Todavia, existem aqueles predestinados que protagonizam uma vida que, por si só, equivale a uma superprodução da Sétima Arte ou um romance de Hemingway.
Hedwig Eva Marie Kiesler, de origem judaica, filha de banqueiro, nasceu e viveu sua juventude na tempestuosa Viena (Áustria) às vésperas da invasão pela Alemanha nazista e, como diria o autor amante de clichês, “elevou aos píncaros” a similitude de algumas vidas ao romance pronto.
Regalada pelos deuses com uma beleza de diva, não de uma comum dos mortais, no verdor de seus dezoito anos, Hedwig estrelou o primeiro filme, de que se tem notícia da encenação do próprio orgasmo feminino, numa sociedade vienense ainda dominada por certo puritanismo e em que a mulher ainda ensaiava afrontar os cânones machistas.
O título da película dizia tudo: Êxtase.
O escândalo veio junto com o sucesso na carreira de atriz.
Com o advento da maré montante da feroz perseguição nazista aos judeus, e instada pelos pais atemorizados, casou-se com um milionário e influente negociante de armas, com o fito único de proteger a família.
Conseguiu o intento, mas converteu-se numa prisioneira doméstica, tendo que abandonar a amada carreira artística e suportar os ciúmes tirânicos do poderoso consorte.
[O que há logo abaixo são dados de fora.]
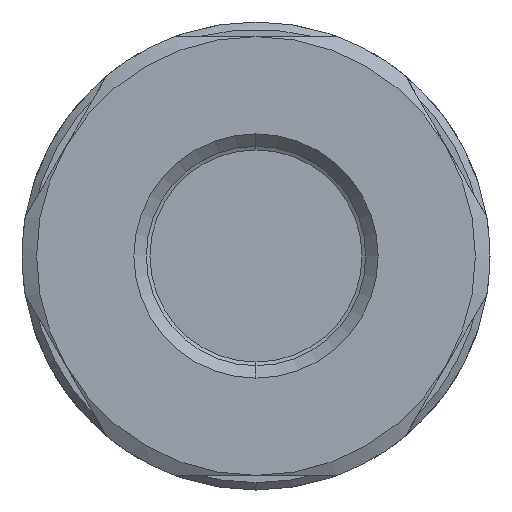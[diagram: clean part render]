
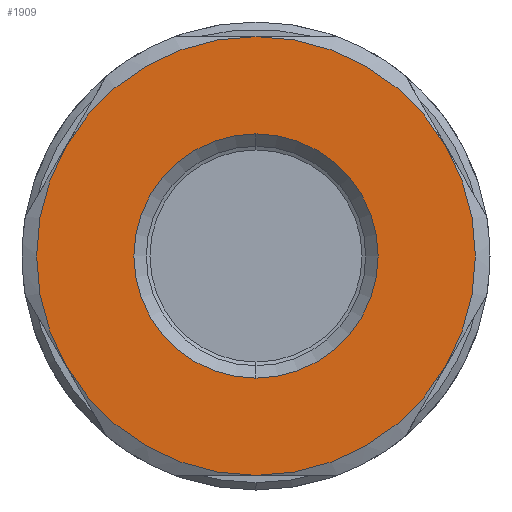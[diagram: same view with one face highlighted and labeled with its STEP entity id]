
A CAD part, left-side view. The second image highlights one B-rep face of the part: STEP entity #1909.
In plain terms, the highlighted planar face has unit normal (-1, 0, 0).
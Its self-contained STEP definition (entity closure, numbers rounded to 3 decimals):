
#30 = EDGE_LOOP ( 'NONE', ( #2500, #2501 ) ) ;
#365 = CIRCLE ( 'NONE', #3098, 8.35 ) ;
#387 = CIRCLE ( 'NONE', #3111, 8.35 ) ;
#388 = CIRCLE ( 'NONE', #3112, 15. ) ;
#389 = CIRCLE ( 'NONE', #3113, 15. ) ;
#390 = CIRCLE ( 'NONE', #3114, 15. ) ;
#391 = CIRCLE ( 'NONE', #3115, 15. ) ;
#392 = CIRCLE ( 'NONE', #3116, 15. ) ;
#393 = CIRCLE ( 'NONE', #2126, 15. ) ;
#808 = FACE_BOUND ( 'NONE', #30, .T. ) ;
#809 = FACE_OUTER_BOUND ( 'NONE', #5072, .T. ) ;
#868 = CARTESIAN_POINT ( 'NONE',  ( -18.1, 0., 0. ) ) ;
#869 = DIRECTION ( 'NONE',  ( 1., 0., 0. ) ) ;
#870 = DIRECTION ( 'NONE',  ( 0., 0., -1. ) ) ;
#871 = CARTESIAN_POINT ( 'NONE',  ( -18.1, 0., 0. ) ) ;
#872 = DIRECTION ( 'NONE',  ( 1., 0., 0. ) ) ;
#873 = DIRECTION ( 'NONE',  ( 0., 0., -1. ) ) ;
#874 = CARTESIAN_POINT ( 'NONE',  ( -18.1, 0., 0. ) ) ;
#875 = DIRECTION ( 'NONE',  ( 1., 0., 0. ) ) ;
#876 = DIRECTION ( 'NONE',  ( 0., 0., -1. ) ) ;
#877 = CARTESIAN_POINT ( 'NONE',  ( -18.1, 0., 0. ) ) ;
#878 = DIRECTION ( 'NONE',  ( 1., 0., 0. ) ) ;
#879 = DIRECTION ( 'NONE',  ( 0., 0., -1. ) ) ;
#880 = CARTESIAN_POINT ( 'NONE',  ( -18.1, 0., 0. ) ) ;
#881 = DIRECTION ( 'NONE',  ( 1., 0., 0. ) ) ;
#882 = DIRECTION ( 'NONE',  ( 0., 0., -1. ) ) ;
#883 = CARTESIAN_POINT ( 'NONE',  ( -18.1, 0., 0. ) ) ;
#884 = DIRECTION ( 'NONE',  ( 1., 0., 0. ) ) ;
#885 = DIRECTION ( 'NONE',  ( 0., 0., -1. ) ) ;
#886 = CARTESIAN_POINT ( 'NONE',  ( -18.1, 0., 0. ) ) ;
#887 = DIRECTION ( 'NONE',  ( 1., 0., 0. ) ) ;
#888 = DIRECTION ( 'NONE',  ( 0., 0., -1. ) ) ;
#1667 = EDGE_CURVE ( 'NONE', #3195, #3166, #365, .T. ) ;
#1686 = EDGE_CURVE ( 'NONE', #3166, #3195, #387, .T. ) ;
#1687 = EDGE_CURVE ( 'NONE', #3183, #3178, #388, .T. ) ;
#1688 = EDGE_CURVE ( 'NONE', #3168, #3183, #389, .T. ) ;
#1689 = EDGE_CURVE ( 'NONE', #3191, #3168, #390, .T. ) ;
#1690 = EDGE_CURVE ( 'NONE', #3134, #3191, #391, .T. ) ;
#1691 = EDGE_CURVE ( 'NONE', #3177, #3134, #392, .T. ) ;
#1692 = EDGE_CURVE ( 'NONE', #3178, #3177, #393, .T. ) ;
#1909 = ADVANCED_FACE ( 'NONE', ( #808, #809 ), #3899, .T. ) ;
#1975 = ORIENTED_EDGE ( 'NONE', *, *, #1687, .F. ) ;
#1976 = ORIENTED_EDGE ( 'NONE', *, *, #1688, .F. ) ;
#1977 = ORIENTED_EDGE ( 'NONE', *, *, #1689, .F. ) ;
#1978 = ORIENTED_EDGE ( 'NONE', *, *, #1690, .F. ) ;
#1979 = ORIENTED_EDGE ( 'NONE', *, *, #1691, .F. ) ;
#1980 = ORIENTED_EDGE ( 'NONE', *, *, #1692, .F. ) ;
#2126 = AXIS2_PLACEMENT_3D ( 'NONE', #886, #887, #888 ) ;
#2298 = AXIS2_PLACEMENT_3D ( 'NONE', #3900, #3901, #3902 ) ;
#2500 = ORIENTED_EDGE ( 'NONE', *, *, #1667, .T. ) ;
#2501 = ORIENTED_EDGE ( 'NONE', *, *, #1686, .T. ) ;
#3098 = AXIS2_PLACEMENT_3D ( 'NONE', #3678, #3679, #3680 ) ;
#3111 = AXIS2_PLACEMENT_3D ( 'NONE', #868, #869, #870 ) ;
#3112 = AXIS2_PLACEMENT_3D ( 'NONE', #871, #872, #873 ) ;
#3113 = AXIS2_PLACEMENT_3D ( 'NONE', #874, #875, #876 ) ;
#3114 = AXIS2_PLACEMENT_3D ( 'NONE', #877, #878, #879 ) ;
#3115 = AXIS2_PLACEMENT_3D ( 'NONE', #880, #881, #882 ) ;
#3116 = AXIS2_PLACEMENT_3D ( 'NONE', #883, #884, #885 ) ;
#3134 = VERTEX_POINT ( 'NONE', #4728 ) ;
#3166 = VERTEX_POINT ( 'NONE', #4760 ) ;
#3168 = VERTEX_POINT ( 'NONE', #4762 ) ;
#3177 = VERTEX_POINT ( 'NONE', #4771 ) ;
#3178 = VERTEX_POINT ( 'NONE', #4772 ) ;
#3183 = VERTEX_POINT ( 'NONE', #4777 ) ;
#3191 = VERTEX_POINT ( 'NONE', #4785 ) ;
#3195 = VERTEX_POINT ( 'NONE', #4789 ) ;
#3678 = CARTESIAN_POINT ( 'NONE',  ( -18.1, 0., 0. ) ) ;
#3679 = DIRECTION ( 'NONE',  ( 1., 0., 0. ) ) ;
#3680 = DIRECTION ( 'NONE',  ( 0., 0., -1. ) ) ;
#3899 = PLANE ( 'NONE',  #2298 ) ;
#3900 = CARTESIAN_POINT ( 'NONE',  ( -18.1, 15., 0. ) ) ;
#3901 = DIRECTION ( 'NONE',  ( -1., 0., 0. ) ) ;
#3902 = DIRECTION ( 'NONE',  ( 0., 0., 1. ) ) ;
#4728 = CARTESIAN_POINT ( 'NONE',  ( -18.1, 0., 15. ) ) ;
#4760 = CARTESIAN_POINT ( 'NONE',  ( -18.1, 0., -8.35 ) ) ;
#4762 = CARTESIAN_POINT ( 'NONE',  ( -18.1, -12.99, -7.5 ) ) ;
#4771 = CARTESIAN_POINT ( 'NONE',  ( -18.1, 12.99, 7.5 ) ) ;
#4772 = CARTESIAN_POINT ( 'NONE',  ( -18.1, 12.99, -7.5 ) ) ;
#4777 = CARTESIAN_POINT ( 'NONE',  ( -18.1, 0., -15. ) ) ;
#4785 = CARTESIAN_POINT ( 'NONE',  ( -18.1, -12.99, 7.5 ) ) ;
#4789 = CARTESIAN_POINT ( 'NONE',  ( -18.1, 0., 8.35 ) ) ;
#5072 = EDGE_LOOP ( 'NONE', ( #1975, #1976, #1977, #1978, #1979, #1980 ) ) ;
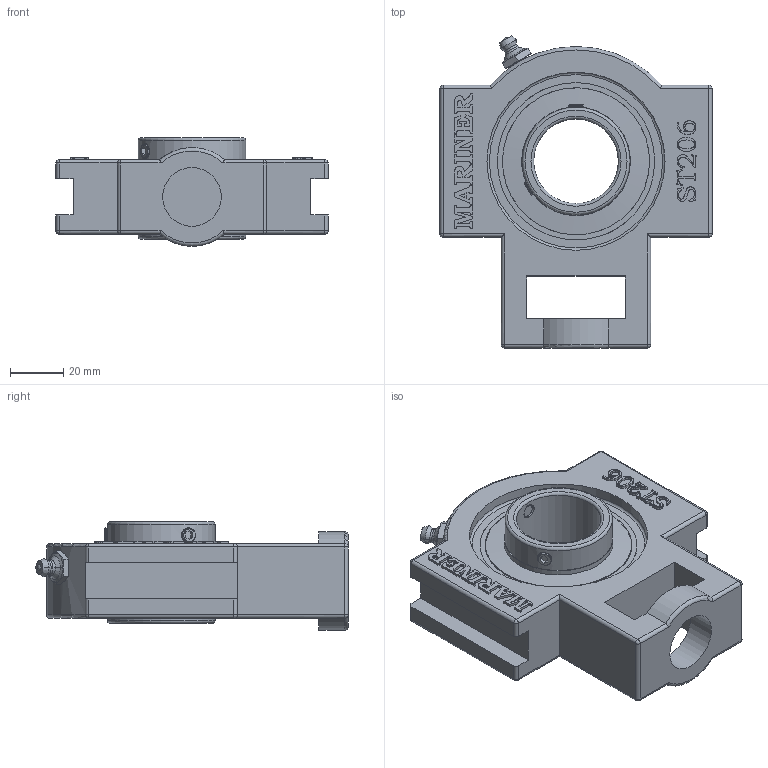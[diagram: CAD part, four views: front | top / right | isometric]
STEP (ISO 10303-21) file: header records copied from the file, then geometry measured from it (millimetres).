
FILE_DESCRIPTION(('HOOPS Exchange Step'),'2;1');
FILE_NAME('export-256980C3-621D-4FE6-95D3-25504E3797CA.stp','2019-12-18T08:28:09-08:00',('ibuslach'),('Alibre'),'HOOPS Exchange 2019.2','Alibre','Unknown authorisation');
FILE_SCHEMA( ('AP242_MANAGED_MODEL_BASED_3D_ENGINEERING_MIM_LF {1 0 10303 442 1 1 4 }') );
Length unit declared in the file: centimetre
Products named in the file (7): SUC 206-20 RACES; SUC 206 SHIELD; SUC 206 SS; MRN SUC 206-20; ZERK 6mm; MRN ST 206; MRN SUCT 206-20
Assembly tree (8 placements, depth 3):
  MRN SUCT 206-20
    MRN SUC 206-20
      SUC 206-20 RACES
      SUC 206 SHIELD  x2
      SUC 206 SS  x2
    ZERK 6mm
    MRN ST 206
Bounding box: 102 x 117.01 x 40.7 mm (x, y, z)
Volume: 157696.6 mm3; surface area: 56194.6 mm2
Topology: 8 solids, 8 shells, 659 faces, 1828 edges, 1186 vertices
Faces by surface type: plane 258, extrusion 247, cylinder 80, cone 28, sphere 21, torus 17, bspline 8
Full cylindrical faces by diameter (mm): 2.005 x2, 5.359 x12, 6 x2, 22 x1, 31.75 x1, 40.259 x1, 40.284 x2, 40.792 x2, 55.093 x1, 55.118 x2, 66.752 x2
Entity records: 26360 total; most frequent: CARTESIAN_POINT 11023, ORIENTED_EDGE 3484, DIRECTION 2409, EDGE_CURVE 1742, VECTOR 1201, VERTEX_POINT 1140, LINE 954, B_SPLINE_CURVE_WITH_KNOTS 809

Depois de uma fuga plena de peripécias, conseguiu chegar aos Estados Unidos onde, superando os problemas da língua e a origem semita, tornou-se uma das maiores atrizes do cinema de Hollywood, estrelando sucessos mundiais como, por exemplo, Sansão e Dalila, contracenando com Victor Mature – além de vários filmes com Clark Gable, Spencer Tracy e outros monstros sagrados.
Quem pode afirmar que teve uma vida tão pródiga de aventuras?
Mas não parou por aí.
A par de sua beleza, a ponto de ser considerada uma das mulheres mais lindas do mundo na sua época, Hedwig era dotada de uma prodigiosa inteligência e, nas horas vagas, dedicava-se a fazer experiências científicas, tendo montado um laboratório em sua casa.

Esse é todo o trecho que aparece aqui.